• YOUR INSTRUCTIONS: Your job is to return the whole listing unchanged while skipping its images.

- - -

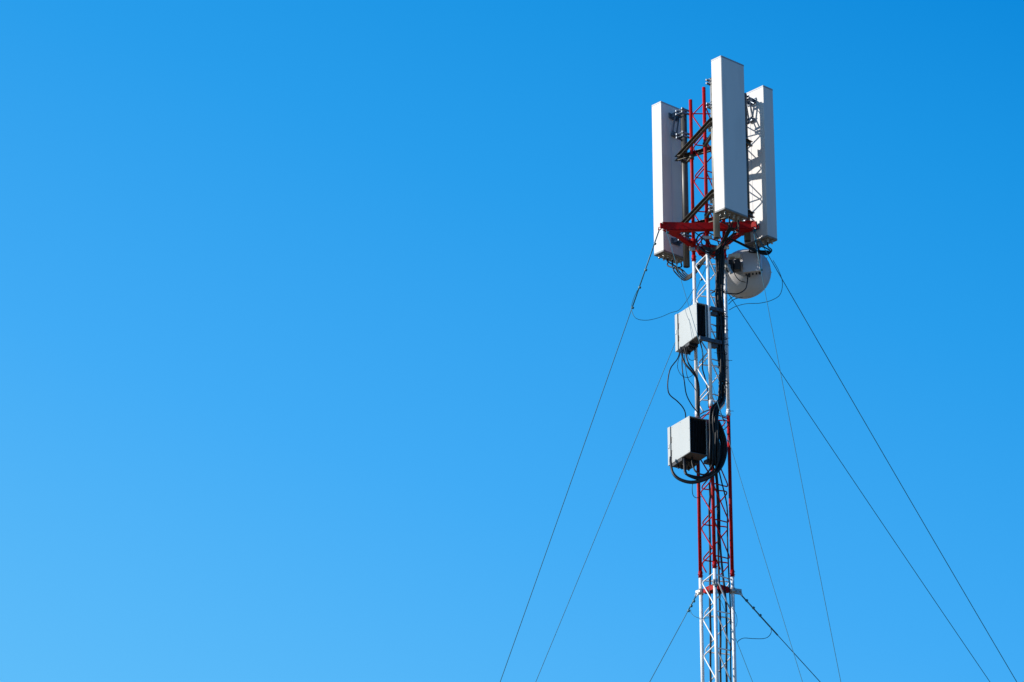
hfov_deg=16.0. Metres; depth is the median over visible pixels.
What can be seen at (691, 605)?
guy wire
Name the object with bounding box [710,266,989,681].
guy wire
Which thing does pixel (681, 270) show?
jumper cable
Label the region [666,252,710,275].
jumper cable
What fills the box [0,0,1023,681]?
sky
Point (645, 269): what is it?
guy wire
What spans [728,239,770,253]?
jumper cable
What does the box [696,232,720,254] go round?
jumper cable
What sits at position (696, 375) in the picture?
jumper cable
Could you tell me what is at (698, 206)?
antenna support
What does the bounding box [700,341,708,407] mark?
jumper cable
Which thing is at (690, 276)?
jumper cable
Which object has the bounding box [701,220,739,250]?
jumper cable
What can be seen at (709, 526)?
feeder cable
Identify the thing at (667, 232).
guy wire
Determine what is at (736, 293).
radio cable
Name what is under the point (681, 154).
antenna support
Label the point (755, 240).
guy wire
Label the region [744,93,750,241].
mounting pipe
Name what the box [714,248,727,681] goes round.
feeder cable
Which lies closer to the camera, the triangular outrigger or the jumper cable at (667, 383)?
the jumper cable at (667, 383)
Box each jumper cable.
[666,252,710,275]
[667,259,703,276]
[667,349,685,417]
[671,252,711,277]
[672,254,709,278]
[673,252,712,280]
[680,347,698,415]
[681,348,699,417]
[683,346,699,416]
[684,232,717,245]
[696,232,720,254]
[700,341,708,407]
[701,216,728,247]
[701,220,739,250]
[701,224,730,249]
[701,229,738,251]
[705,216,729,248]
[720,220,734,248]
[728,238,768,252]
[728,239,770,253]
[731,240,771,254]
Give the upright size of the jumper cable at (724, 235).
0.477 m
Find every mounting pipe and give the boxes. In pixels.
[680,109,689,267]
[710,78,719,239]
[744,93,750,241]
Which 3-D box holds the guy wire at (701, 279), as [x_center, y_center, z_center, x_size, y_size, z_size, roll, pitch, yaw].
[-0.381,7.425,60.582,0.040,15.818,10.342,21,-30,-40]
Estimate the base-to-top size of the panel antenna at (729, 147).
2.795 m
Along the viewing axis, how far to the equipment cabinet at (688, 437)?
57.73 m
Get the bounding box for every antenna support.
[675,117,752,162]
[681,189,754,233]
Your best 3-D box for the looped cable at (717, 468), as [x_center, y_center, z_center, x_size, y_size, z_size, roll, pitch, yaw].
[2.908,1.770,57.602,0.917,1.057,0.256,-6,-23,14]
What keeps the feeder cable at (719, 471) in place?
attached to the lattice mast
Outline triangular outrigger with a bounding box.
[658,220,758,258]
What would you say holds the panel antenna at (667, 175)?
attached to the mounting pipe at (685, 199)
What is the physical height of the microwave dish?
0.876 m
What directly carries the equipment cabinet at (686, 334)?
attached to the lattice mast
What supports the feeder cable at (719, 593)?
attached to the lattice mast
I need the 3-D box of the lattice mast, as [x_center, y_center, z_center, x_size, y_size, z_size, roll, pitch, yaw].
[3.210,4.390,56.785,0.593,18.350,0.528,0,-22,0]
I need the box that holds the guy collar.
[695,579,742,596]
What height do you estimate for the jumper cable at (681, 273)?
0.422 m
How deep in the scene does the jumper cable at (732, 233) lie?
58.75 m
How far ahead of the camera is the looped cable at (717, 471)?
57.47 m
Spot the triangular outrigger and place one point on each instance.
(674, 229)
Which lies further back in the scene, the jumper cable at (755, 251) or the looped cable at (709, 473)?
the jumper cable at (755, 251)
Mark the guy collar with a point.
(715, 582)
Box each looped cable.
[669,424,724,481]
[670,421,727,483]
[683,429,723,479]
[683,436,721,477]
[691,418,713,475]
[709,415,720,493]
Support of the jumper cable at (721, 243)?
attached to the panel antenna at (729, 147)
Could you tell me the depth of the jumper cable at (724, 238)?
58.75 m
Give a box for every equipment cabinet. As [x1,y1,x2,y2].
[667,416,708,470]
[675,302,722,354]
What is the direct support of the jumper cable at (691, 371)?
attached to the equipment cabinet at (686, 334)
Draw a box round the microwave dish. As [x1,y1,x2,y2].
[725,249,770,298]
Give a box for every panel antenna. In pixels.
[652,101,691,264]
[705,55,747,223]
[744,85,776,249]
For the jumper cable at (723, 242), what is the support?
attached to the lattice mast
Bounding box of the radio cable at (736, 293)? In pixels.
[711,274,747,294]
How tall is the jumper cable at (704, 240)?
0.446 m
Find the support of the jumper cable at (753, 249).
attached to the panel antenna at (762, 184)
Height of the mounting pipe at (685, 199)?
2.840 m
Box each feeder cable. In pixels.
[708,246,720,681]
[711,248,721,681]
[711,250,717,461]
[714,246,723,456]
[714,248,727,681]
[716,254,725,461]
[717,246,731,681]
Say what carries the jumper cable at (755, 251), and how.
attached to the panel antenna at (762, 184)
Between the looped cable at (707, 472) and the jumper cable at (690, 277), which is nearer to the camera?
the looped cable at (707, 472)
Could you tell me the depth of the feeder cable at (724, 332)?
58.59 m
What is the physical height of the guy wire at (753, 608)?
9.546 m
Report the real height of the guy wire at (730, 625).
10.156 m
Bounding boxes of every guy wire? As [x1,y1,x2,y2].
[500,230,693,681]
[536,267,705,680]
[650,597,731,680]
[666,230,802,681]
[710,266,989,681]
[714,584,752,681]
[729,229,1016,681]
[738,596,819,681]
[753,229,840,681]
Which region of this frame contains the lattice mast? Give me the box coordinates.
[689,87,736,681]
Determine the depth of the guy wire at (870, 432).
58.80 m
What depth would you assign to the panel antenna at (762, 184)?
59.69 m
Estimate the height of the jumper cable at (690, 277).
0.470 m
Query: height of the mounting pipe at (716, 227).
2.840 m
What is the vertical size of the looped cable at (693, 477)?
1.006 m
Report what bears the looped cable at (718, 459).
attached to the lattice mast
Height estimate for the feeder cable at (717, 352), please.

- - -

• EXERCISE RESPONSE:
hfov_deg=16.0. Metres; depth is the median over visible pixels.
What can be seen at (691, 605)?
guy wire
Name the object with bounding box [710,266,989,681].
guy wire
Which thing does pixel (681, 270) show?
jumper cable
Label the region [666,252,710,275].
jumper cable
What fills the box [0,0,1023,681]?
sky
Point (645, 269): what is it?
guy wire
What spans [728,239,770,253]?
jumper cable
What does the box [696,232,720,254] go round?
jumper cable
What sits at position (696, 375) in the picture?
jumper cable
Could you tell me what is at (698, 206)?
antenna support
What does the bounding box [700,341,708,407] mark?
jumper cable
Which thing is at (690, 276)?
jumper cable
Which object has the bounding box [701,220,739,250]?
jumper cable
What can be seen at (709, 526)?
feeder cable
Identify the thing at (667, 232).
guy wire
Determine what is at (736, 293).
radio cable
Name what is under the point (681, 154).
antenna support
Label the point (755, 240).
guy wire
Label the region [744,93,750,241].
mounting pipe
Name what the box [714,248,727,681] goes round.
feeder cable
Which lies closer to the camera, the triangular outrigger or the jumper cable at (667, 383)?
the jumper cable at (667, 383)
Box each jumper cable.
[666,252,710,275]
[667,259,703,276]
[667,349,685,417]
[671,252,711,277]
[672,254,709,278]
[673,252,712,280]
[680,347,698,415]
[681,348,699,417]
[683,346,699,416]
[684,232,717,245]
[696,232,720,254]
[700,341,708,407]
[701,216,728,247]
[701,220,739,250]
[701,224,730,249]
[701,229,738,251]
[705,216,729,248]
[720,220,734,248]
[728,238,768,252]
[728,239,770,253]
[731,240,771,254]
Give the upright size of the jumper cable at (724, 235).
0.477 m
Find every mounting pipe and give the boxes. In pixels.
[680,109,689,267]
[710,78,719,239]
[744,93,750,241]
Which 3-D box holds the guy wire at (701, 279), as [x_center, y_center, z_center, x_size, y_size, z_size, roll, pitch, yaw].
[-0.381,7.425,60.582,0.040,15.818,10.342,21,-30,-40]
Estimate the base-to-top size of the panel antenna at (729, 147).
2.795 m
Along the viewing axis, how far to the equipment cabinet at (688, 437)?
57.73 m
Get the bounding box for every antenna support.
[675,117,752,162]
[681,189,754,233]
Your best 3-D box for the looped cable at (717, 468), as [x_center, y_center, z_center, x_size, y_size, z_size, roll, pitch, yaw].
[2.908,1.770,57.602,0.917,1.057,0.256,-6,-23,14]
What keeps the feeder cable at (719, 471) in place?
attached to the lattice mast
Outline triangular outrigger with a bounding box.
[658,220,758,258]
What would you say holds the panel antenna at (667, 175)?
attached to the mounting pipe at (685, 199)
What is the physical height of the microwave dish?
0.876 m
What directly carries the equipment cabinet at (686, 334)?
attached to the lattice mast
What supports the feeder cable at (719, 593)?
attached to the lattice mast
I need the 3-D box of the lattice mast, as [x_center, y_center, z_center, x_size, y_size, z_size, roll, pitch, yaw].
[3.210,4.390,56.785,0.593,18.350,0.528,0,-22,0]
I need the box that holds the guy collar.
[695,579,742,596]
What height do you estimate for the jumper cable at (681, 273)?
0.422 m
How deep in the scene does the jumper cable at (732, 233) lie?
58.75 m
How far ahead of the camera is the looped cable at (717, 471)?
57.47 m
Spot the triangular outrigger and place one point on each instance.
(674, 229)
Which lies further back in the scene, the jumper cable at (755, 251) or the looped cable at (709, 473)?
the jumper cable at (755, 251)
Mark the guy collar with a point.
(715, 582)
Box each looped cable.
[669,424,724,481]
[670,421,727,483]
[683,429,723,479]
[683,436,721,477]
[691,418,713,475]
[709,415,720,493]
Support of the jumper cable at (721, 243)?
attached to the panel antenna at (729, 147)
Could you tell me the depth of the jumper cable at (724, 238)?
58.75 m
Give a box for every equipment cabinet. As [x1,y1,x2,y2].
[667,416,708,470]
[675,302,722,354]
What is the direct support of the jumper cable at (691, 371)?
attached to the equipment cabinet at (686, 334)
Draw a box round the microwave dish. As [x1,y1,x2,y2].
[725,249,770,298]
Give a box for every panel antenna. In pixels.
[652,101,691,264]
[705,55,747,223]
[744,85,776,249]
For the jumper cable at (723, 242), what is the support?
attached to the lattice mast
Bounding box of the radio cable at (736, 293)? In pixels.
[711,274,747,294]
How tall is the jumper cable at (704, 240)?
0.446 m
Find the support of the jumper cable at (753, 249).
attached to the panel antenna at (762, 184)
Height of the mounting pipe at (685, 199)?
2.840 m
Box each feeder cable. In pixels.
[708,246,720,681]
[711,248,721,681]
[711,250,717,461]
[714,246,723,456]
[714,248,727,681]
[716,254,725,461]
[717,246,731,681]
Say what carries the jumper cable at (755, 251), and how.
attached to the panel antenna at (762, 184)
Between the looped cable at (707, 472) and the jumper cable at (690, 277), which is nearer to the camera?
the looped cable at (707, 472)
Could you tell me the depth of the feeder cable at (724, 332)?
58.59 m
What is the physical height of the guy wire at (753, 608)?
9.546 m
Report the real height of the guy wire at (730, 625).
10.156 m
Bounding boxes of every guy wire? As [x1,y1,x2,y2].
[500,230,693,681]
[536,267,705,680]
[650,597,731,680]
[666,230,802,681]
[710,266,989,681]
[714,584,752,681]
[729,229,1016,681]
[738,596,819,681]
[753,229,840,681]
Which region of this frame contains the lattice mast? Give me the box coordinates.
[689,87,736,681]
Determine the depth of the guy wire at (870, 432).
58.80 m
What depth would you assign to the panel antenna at (762, 184)?
59.69 m
Estimate the height of the jumper cable at (690, 277).
0.470 m
Query: height of the mounting pipe at (716, 227).
2.840 m
What is the vertical size of the looped cable at (693, 477)?
1.006 m
Report what bears the looped cable at (718, 459).
attached to the lattice mast
Height estimate for the feeder cable at (717, 352), please.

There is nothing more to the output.